= Acel Moore =

Prominent Black Journalist in United States

Acel Moore (October 5, 1940 – February 12, 2016) was a long-time reporter, columnist, and editor for The Philadelphia Inquirer. Moore won a Pulitzer Prize in 1977. He was among the first Black journalists hired at the Inquirer.

==Early life==
Moore and his twin brother were born in Philadelphia, Pennsylvania. He attended Overbrook High School in 1958 and then served for three years as a medic in the United States Army until 1962.

==Journalism career==
Moore started as a copy boy at the Inquirer in 1962. He was promoted to reporter in 1968.

In 1977, Moore and Wendell Rawls, Jr., also of the Inquirer, won a Pulitzer Prize in Local Investigative Specialized Reporting for reporting on the conditions at Farview (Pennsylvania) State Hospital for the mentally ill.

Moore, Chuck Stone of the Philadelphia Daily News, and Claude Lewis of the Evening Bulletin co-founded the Philadelphia Association of Black Journalists in 1973. He was later a co-founder of the National Association of Black Journalists.

In the 1970s, Moore also was a producer on a PBS show called "Black Perspectives on the News." He taught journalism at the University of California-Berkeley, Temple University, and Florida A & M University.

The Nieman Foundation at Harvard University called him "a champion of newsroom diversity." According to Michel Martin of National Public Radio, Moore served "as a mentor to hundreds of journalists, both informally and with programs to introduce people of diverse backgrounds to journalism careers."
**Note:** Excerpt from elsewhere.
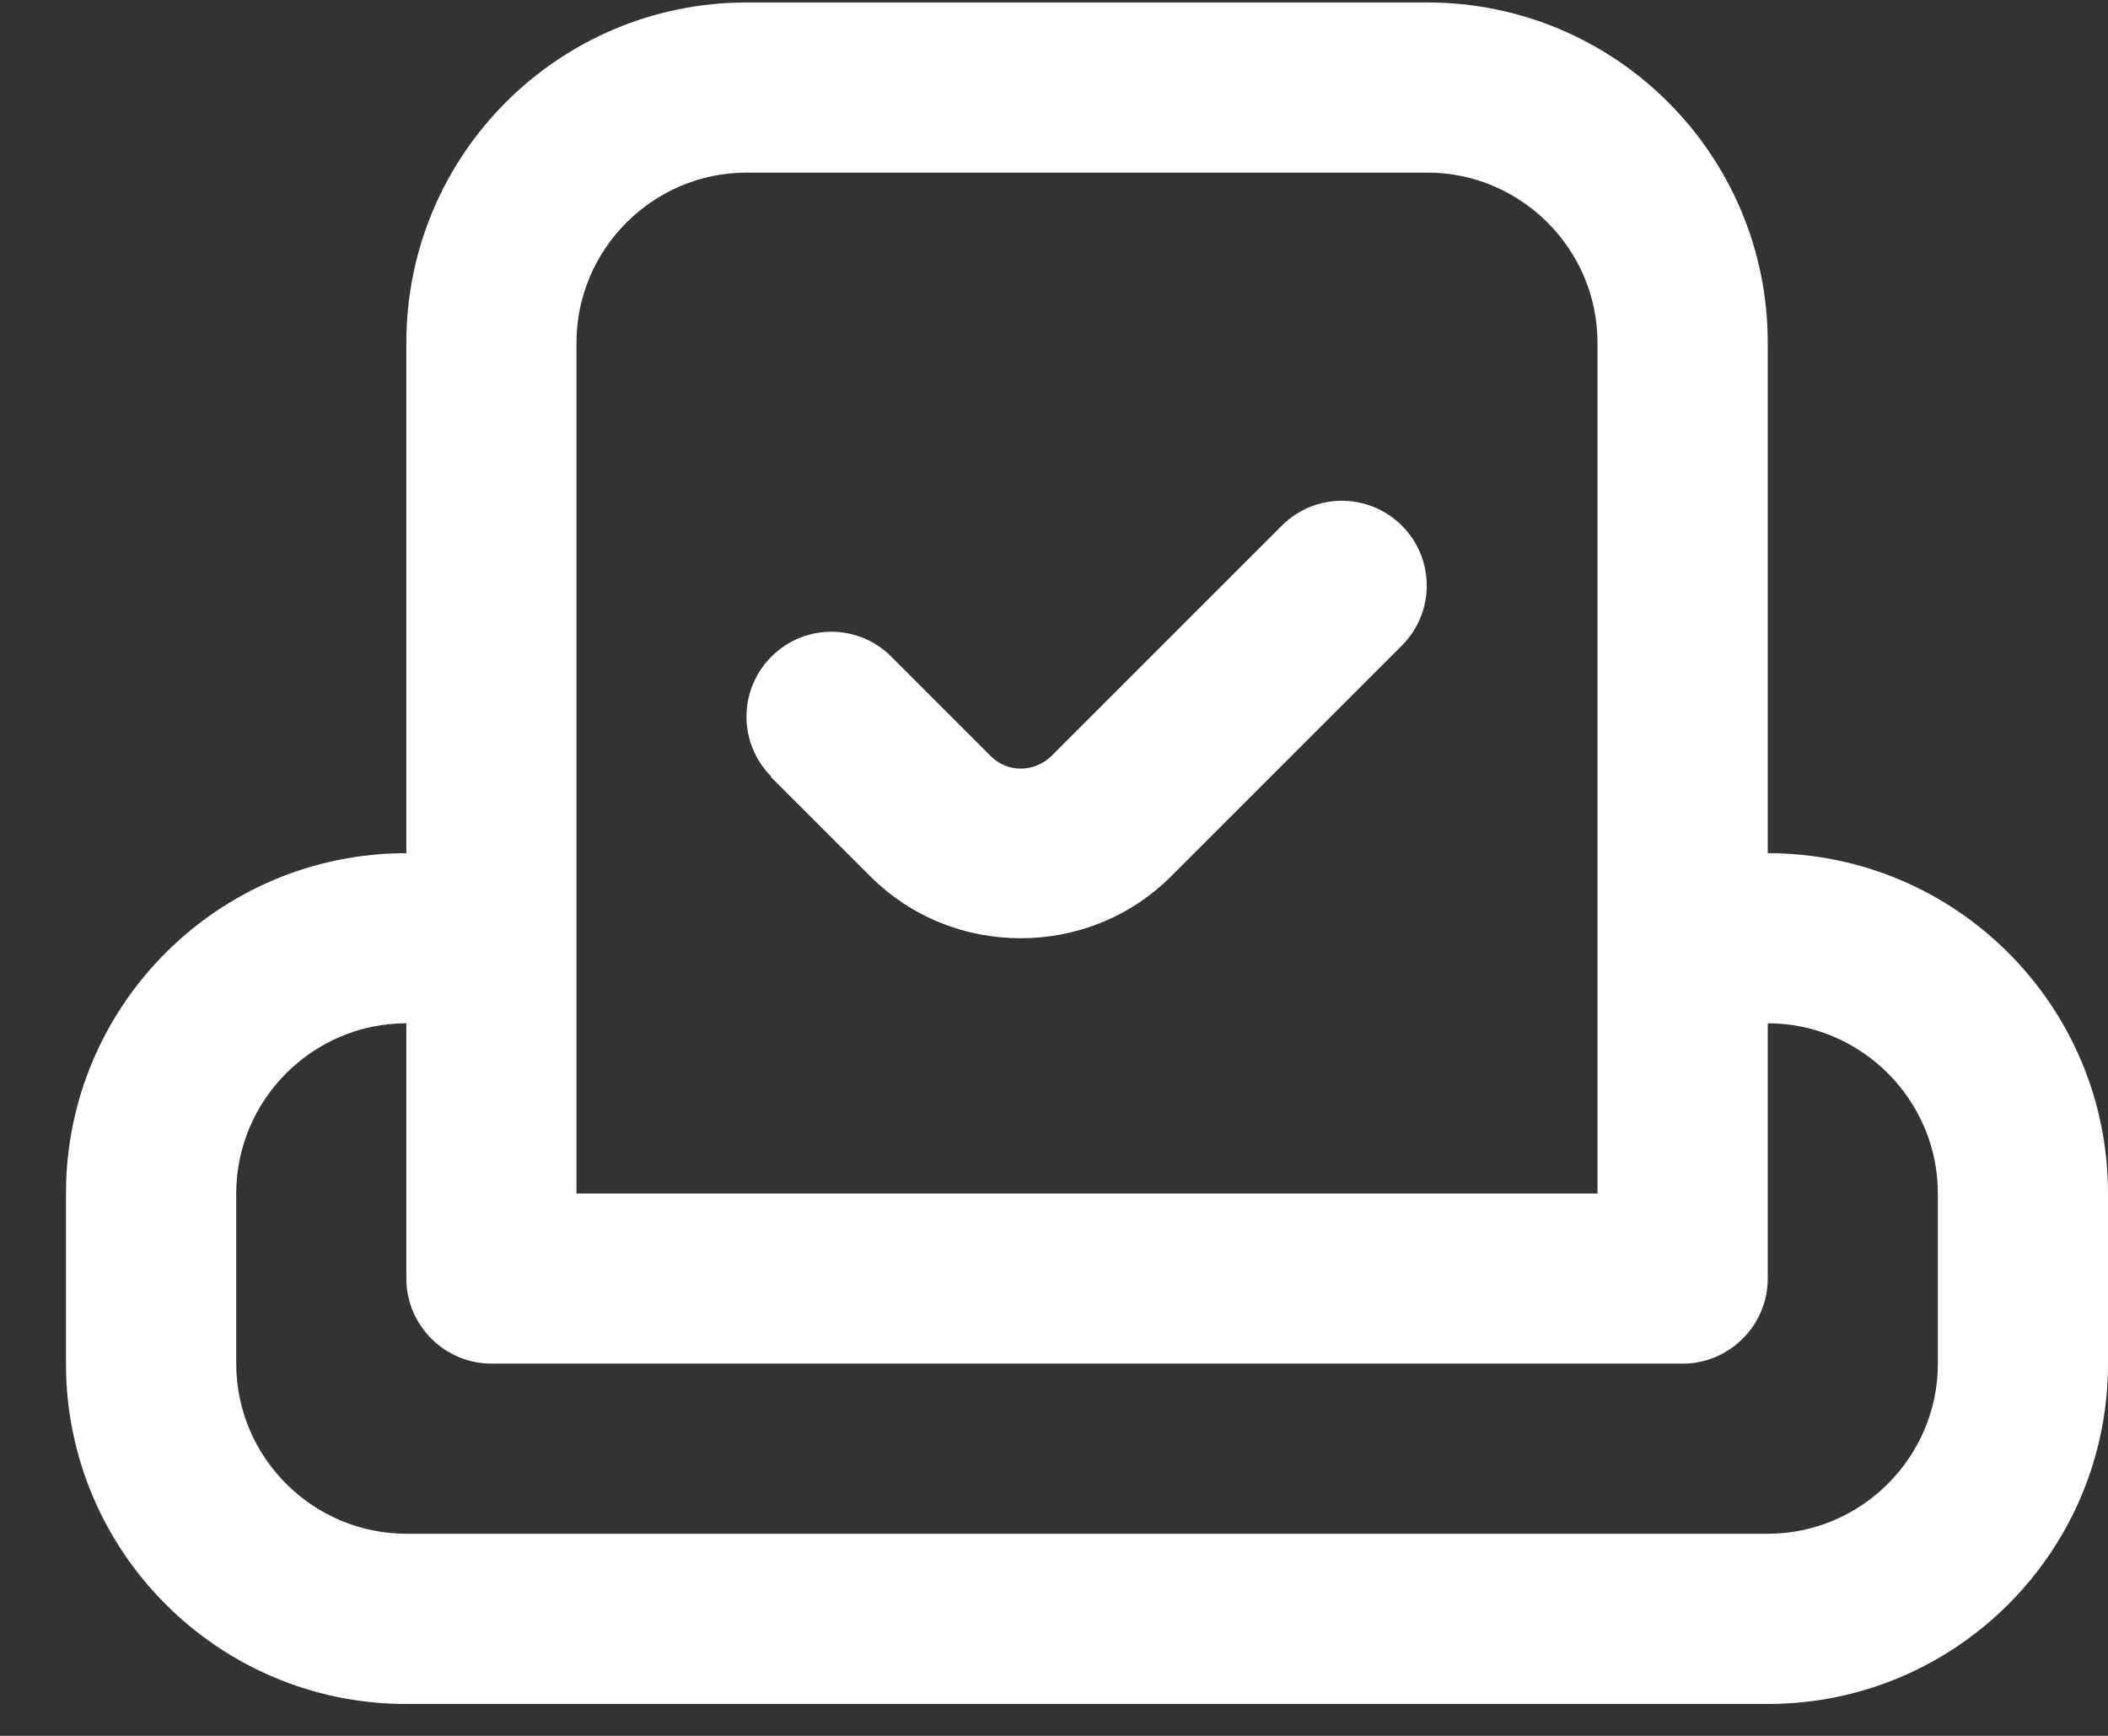 <svg width="17" height="14" viewBox="0 0 17 14" fill="none" xmlns="http://www.w3.org/2000/svg">
<rect x="0" y="0" width="17" height="14" fill="#333333" stroke="none"/>
<path d="M14.256 6.881V2.764C14.256 1.248 13.027 0.02 11.511 0.02L6.022 0.02C4.505 0.02 3.277 1.248 3.277 2.764L3.277 6.881C1.761 6.881 0.532 8.109 0.532 9.626L0.532 10.998C0.532 12.514 1.761 13.743 3.277 13.743H14.256C15.772 13.743 17 12.514 17 10.998V9.626C17 8.109 15.772 6.881 14.256 6.881ZM4.649 2.764C4.649 2.009 5.267 1.392 6.022 1.392L11.511 1.392C12.266 1.392 12.883 2.009 12.883 2.764V9.626H4.649L4.649 2.764ZM15.628 10.998C15.628 11.753 15.01 12.37 14.256 12.37H3.277C2.522 12.37 1.905 11.753 1.905 10.998L1.905 9.626C1.905 8.871 2.522 8.253 3.277 8.253V10.312C3.277 10.689 3.586 10.998 3.963 10.998H13.569C13.947 10.998 14.256 10.689 14.256 10.312V8.253C15.01 8.253 15.628 8.871 15.628 9.626V10.998ZM6.221 6.264C5.953 5.996 5.953 5.564 6.221 5.296C6.488 5.028 6.921 5.028 7.188 5.296L7.991 6.099C8.128 6.236 8.341 6.229 8.478 6.099L10.338 4.239C10.605 3.972 11.037 3.972 11.305 4.239C11.573 4.507 11.573 4.939 11.305 5.207L9.446 7.066C9.109 7.403 8.67 7.567 8.231 7.567C7.792 7.567 7.353 7.403 7.017 7.066L6.214 6.264H6.221Z" fill="white"/>
</svg>

In 2005, Moore retired. He received a lifetime achievement award from the National Association of Black Journalists in 2011.

==Personal life==
He married Linda Wright. They had two children, a daughter (Mariah) and a son (Acel Jr). Acel Sr. died on February 12, 2016, and was interred at Ivy Hill Cemetery in Philadelphia.

==Legacy==
The Philadelphia Inquirer annually runs the Acel Moore High School Journalism Workshop. According to the Inquirer, the "hands-on program seeks to introduce Philadelphia-area high school students to the fields of print, digital journalism, and photography.

When the School District of Philadelphia renamed the Andrew Jackson School (Philadelphia), one of the four finalists for the new name was the Acel Moore School. It was not chosen as the new name.